Totally agree. I noticed it today on my phone and I am not amused. All the ACS is so obtrusively placed that it is not worthy of Apple. If I wished to be pestered with advertisement, I would choose a different platform.
I think Apple should not do much freemium at all. It quickly degrades the premium Apple experience if you do not have a certain subscription. Either free or paid. I do not need ACS and I certainly not paying 100+ €/$/£ for some templates.
My gripe with Pages is that its styles lock you in.
On those happy occasions I write for someone else, I have to conform to their formatting.

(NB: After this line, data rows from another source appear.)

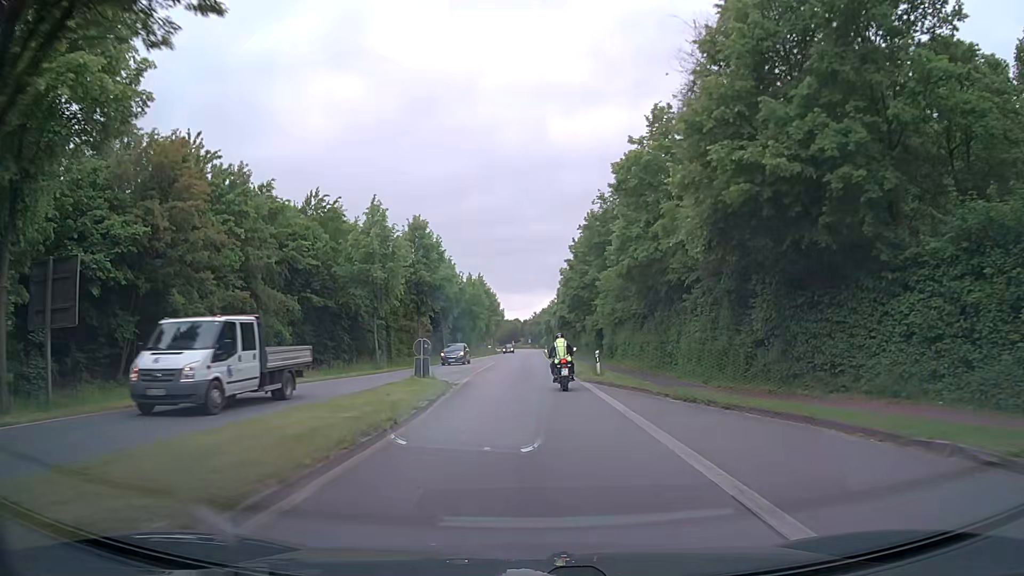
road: primary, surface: asphalt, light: Day
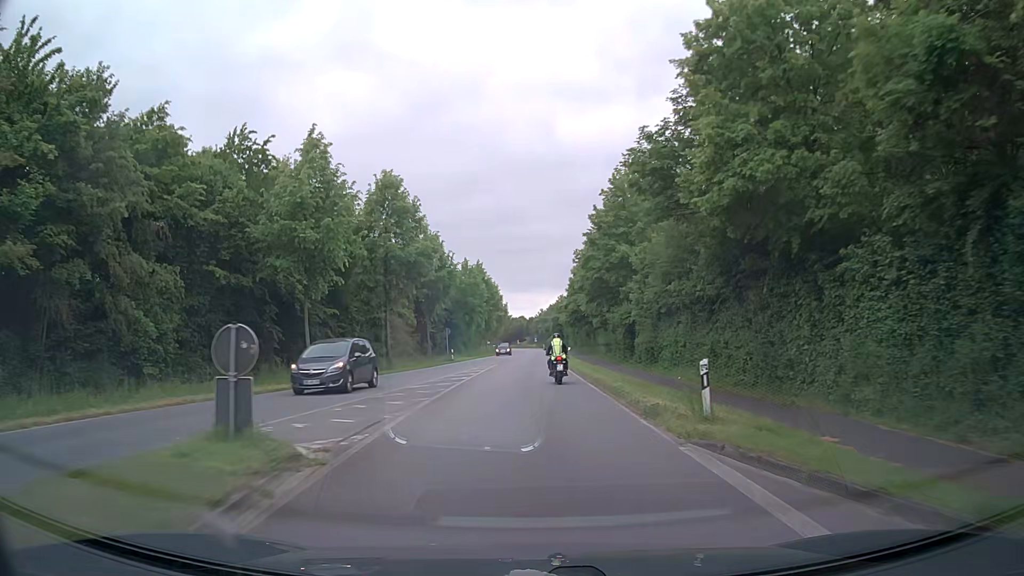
(+0.1, +15.6) m; 0°
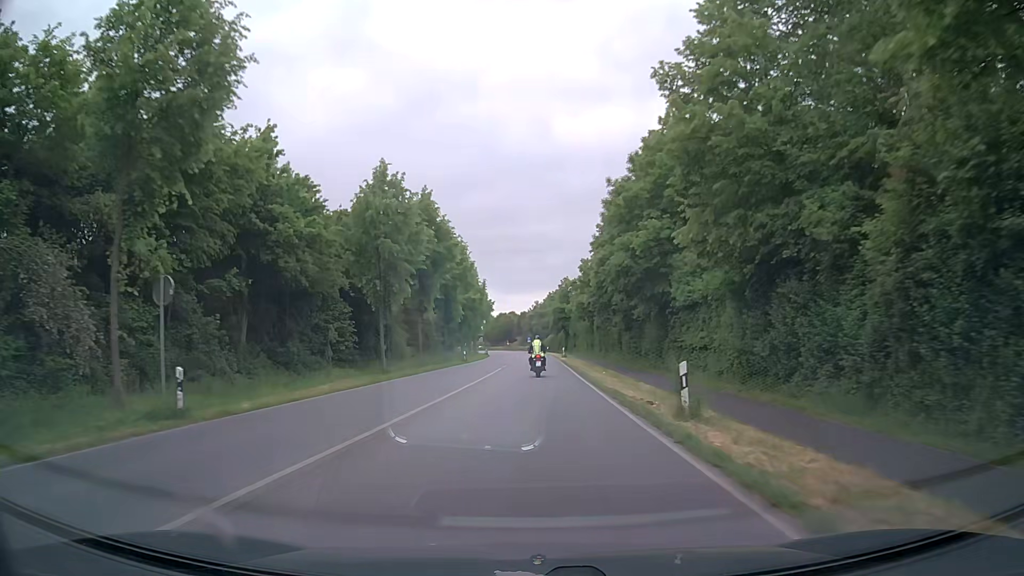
(+0.5, +45.5) m; +1°
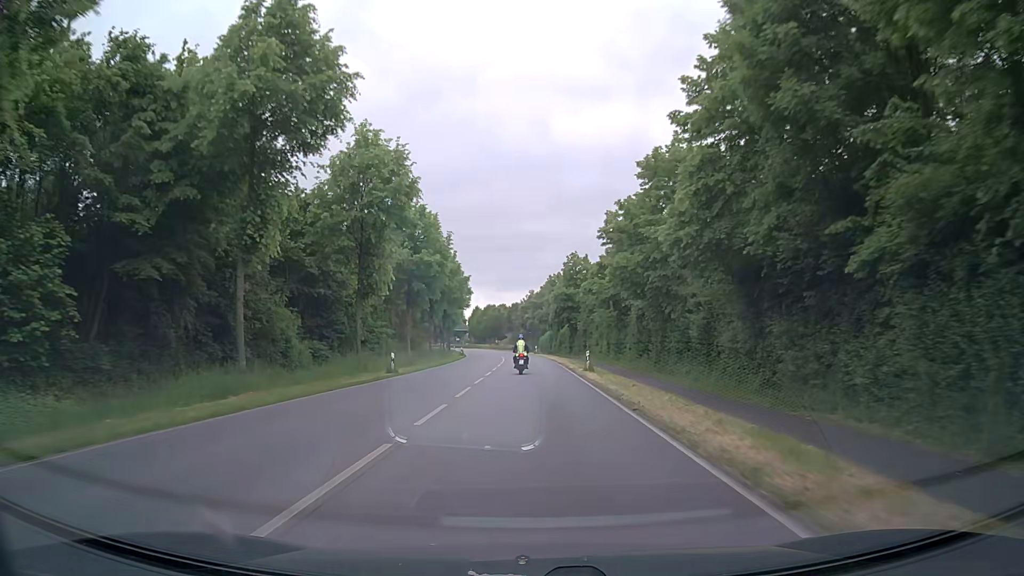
(0.0, +31.0) m; +1°
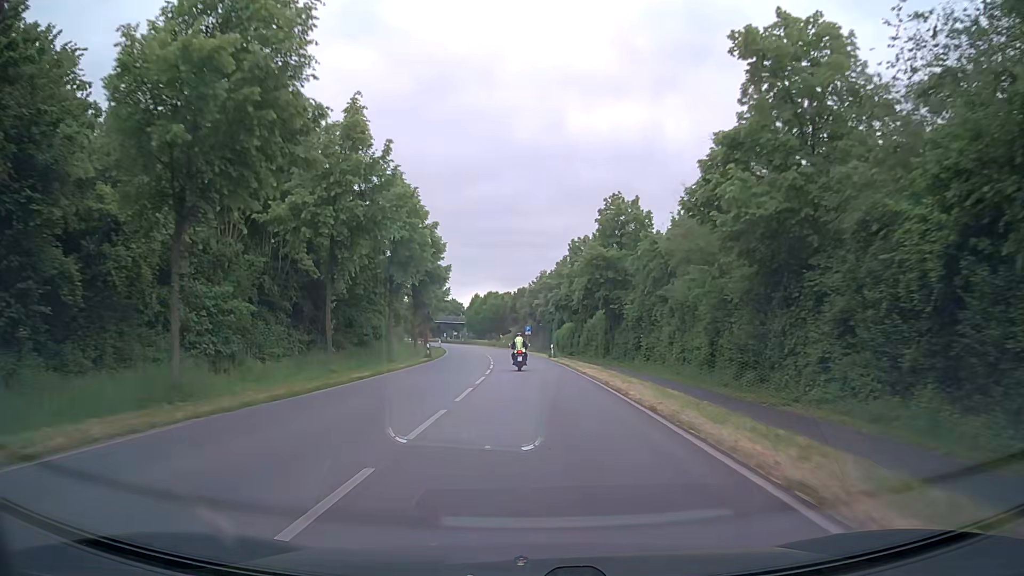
(-0.2, +32.6) m; -1°
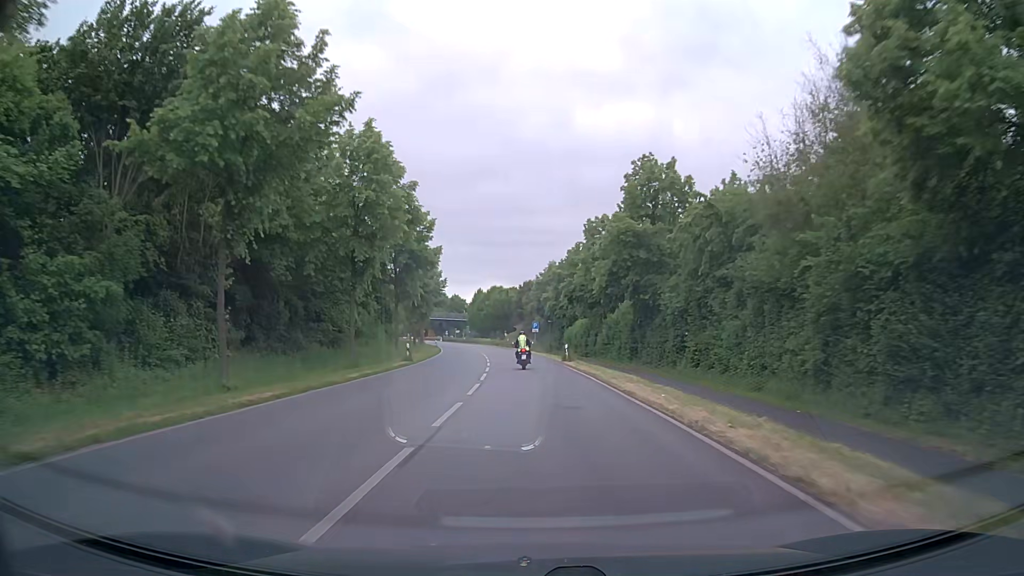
(0.0, +10.8) m; 0°
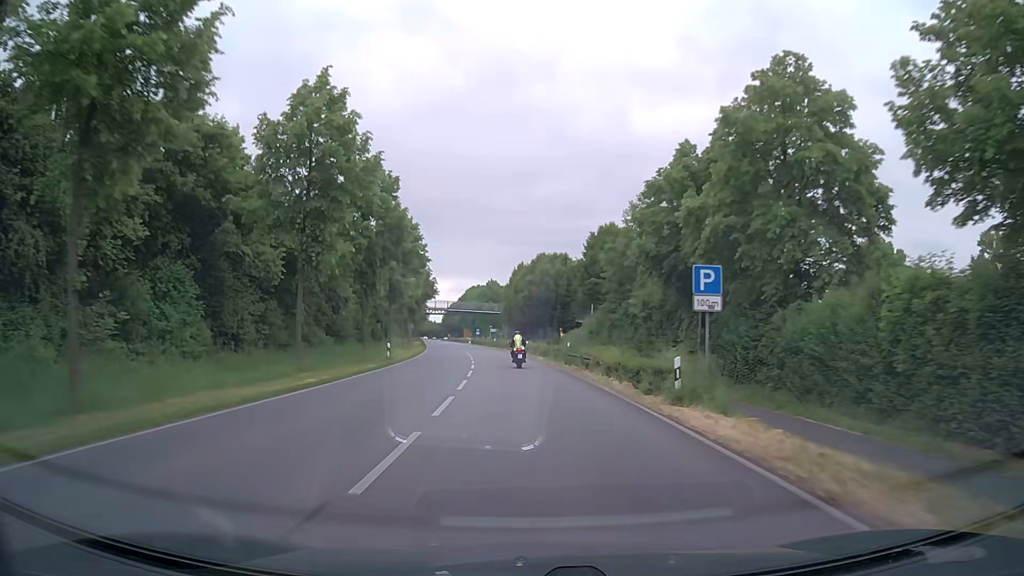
(-1.9, +53.1) m; -5°
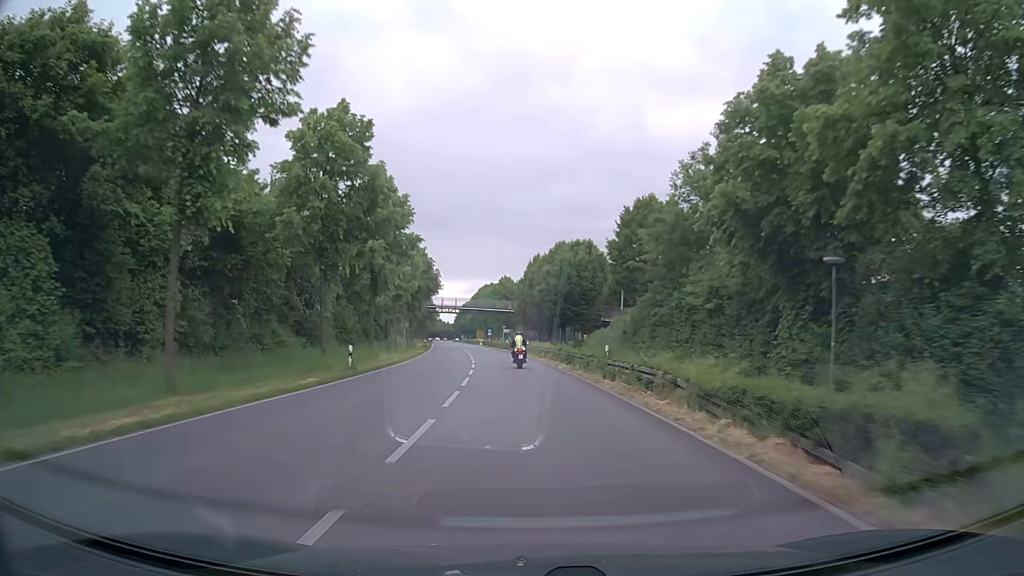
(-0.1, +10.7) m; -1°
(0, +10) (0, +20) (-1, +30) (-1, +40) (-2, +50) (-3, +60) (-4, +70) (-6, +80) (-7, +90) (-8, +100) m

I may want to send my work to someone else with very different formatting requirements.
Pages won’t let me load a new style set. I have to change my document to match the new requirements. If the first guy wants a correction, I have to change his copy and also new copies with revised styles. Bummer.
It is otherwise a very pleasant word processor.
This is exactly what I was worried about when they first released the announcement of creators studio. The upsell within their apps just feels off brand for them and cheesy. Especially when you’ve been beating the drum of being a hardware company and justifying the premium prices by offering the full package. I don’t care for the new features and I’m not interested in subscribing, but let me hide that nonsense away at least.
You can at least remove the tools from the Toolbar. But that’s all. You can submit feedback within the apps, and I’m doing so.